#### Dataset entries
>>>>>
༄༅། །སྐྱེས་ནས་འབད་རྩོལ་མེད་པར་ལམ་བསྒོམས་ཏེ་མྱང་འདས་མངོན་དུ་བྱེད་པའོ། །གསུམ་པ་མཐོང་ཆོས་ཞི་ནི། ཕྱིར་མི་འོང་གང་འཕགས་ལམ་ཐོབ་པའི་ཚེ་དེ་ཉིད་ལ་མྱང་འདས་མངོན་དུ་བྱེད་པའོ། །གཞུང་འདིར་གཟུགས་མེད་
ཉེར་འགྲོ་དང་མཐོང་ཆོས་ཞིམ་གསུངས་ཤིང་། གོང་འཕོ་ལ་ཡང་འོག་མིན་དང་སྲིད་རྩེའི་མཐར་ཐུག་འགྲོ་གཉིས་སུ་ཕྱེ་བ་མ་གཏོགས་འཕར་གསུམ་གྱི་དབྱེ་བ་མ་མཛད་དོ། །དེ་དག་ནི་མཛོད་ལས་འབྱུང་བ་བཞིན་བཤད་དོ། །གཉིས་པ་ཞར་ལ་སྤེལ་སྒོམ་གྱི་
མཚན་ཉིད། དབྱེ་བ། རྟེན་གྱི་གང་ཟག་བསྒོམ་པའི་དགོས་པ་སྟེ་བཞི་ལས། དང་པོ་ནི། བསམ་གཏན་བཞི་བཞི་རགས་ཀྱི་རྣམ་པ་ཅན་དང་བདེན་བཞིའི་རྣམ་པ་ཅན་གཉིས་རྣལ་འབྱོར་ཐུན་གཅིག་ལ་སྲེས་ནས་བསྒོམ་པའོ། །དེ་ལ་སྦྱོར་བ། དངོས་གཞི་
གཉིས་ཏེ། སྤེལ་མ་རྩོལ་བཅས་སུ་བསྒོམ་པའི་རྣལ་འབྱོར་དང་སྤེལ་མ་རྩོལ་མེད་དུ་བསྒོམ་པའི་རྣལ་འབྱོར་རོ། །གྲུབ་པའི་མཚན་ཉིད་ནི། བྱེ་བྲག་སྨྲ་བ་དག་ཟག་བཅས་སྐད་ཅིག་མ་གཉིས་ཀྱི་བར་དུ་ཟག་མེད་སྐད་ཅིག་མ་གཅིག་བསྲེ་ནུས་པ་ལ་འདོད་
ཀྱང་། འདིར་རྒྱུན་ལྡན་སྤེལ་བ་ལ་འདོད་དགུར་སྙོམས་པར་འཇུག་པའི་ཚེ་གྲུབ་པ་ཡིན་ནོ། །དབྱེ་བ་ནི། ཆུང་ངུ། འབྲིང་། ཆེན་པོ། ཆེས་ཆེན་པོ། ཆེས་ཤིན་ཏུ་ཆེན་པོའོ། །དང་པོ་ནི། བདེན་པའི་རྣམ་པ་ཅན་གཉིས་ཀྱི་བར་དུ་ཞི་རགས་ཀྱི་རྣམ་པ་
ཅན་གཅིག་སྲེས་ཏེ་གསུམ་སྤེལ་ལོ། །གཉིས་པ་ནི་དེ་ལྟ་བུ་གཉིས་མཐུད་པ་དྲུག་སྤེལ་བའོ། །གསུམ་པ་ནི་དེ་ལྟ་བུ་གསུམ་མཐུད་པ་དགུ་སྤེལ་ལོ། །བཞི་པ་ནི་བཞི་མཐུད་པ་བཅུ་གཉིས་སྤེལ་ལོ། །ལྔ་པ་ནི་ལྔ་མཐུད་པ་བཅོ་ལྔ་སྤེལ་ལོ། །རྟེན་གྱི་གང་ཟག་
<<<<<
Beginning with the line that contains "ཆུང་ངུ། འབྲིང་། ཆེན་པོ།", repeat every line through the end of the records and nothing more.

ཀྱང་། འདིར་རྒྱུན་ལྡན་སྤེལ་བ་ལ་འདོད་དགུར་སྙོམས་པར་འཇུག་པའི་ཚེ་གྲུབ་པ་ཡིན་ནོ། །དབྱེ་བ་ནི། ཆུང་ངུ། འབྲིང་། ཆེན་པོ། ཆེས་ཆེན་པོ། ཆེས་ཤིན་ཏུ་ཆེན་པོའོ། །དང་པོ་ནི། བདེན་པའི་རྣམ་པ་ཅན་གཉིས་ཀྱི་བར་དུ་ཞི་རགས་ཀྱི་རྣམ་པ་
ཅན་གཅིག་སྲེས་ཏེ་གསུམ་སྤེལ་ལོ། །གཉིས་པ་ནི་དེ་ལྟ་བུ་གཉིས་མཐུད་པ་དྲུག་སྤེལ་བའོ། །གསུམ་པ་ནི་དེ་ལྟ་བུ་གསུམ་མཐུད་པ་དགུ་སྤེལ་ལོ། །བཞི་པ་ནི་བཞི་མཐུད་པ་བཅུ་གཉིས་སྤེལ་ལོ། །ལྔ་པ་ནི་ལྔ་མཐུད་པ་བཅོ་ལྔ་སྤེལ་ལོ། །རྟེན་གྱི་གང་ཟག་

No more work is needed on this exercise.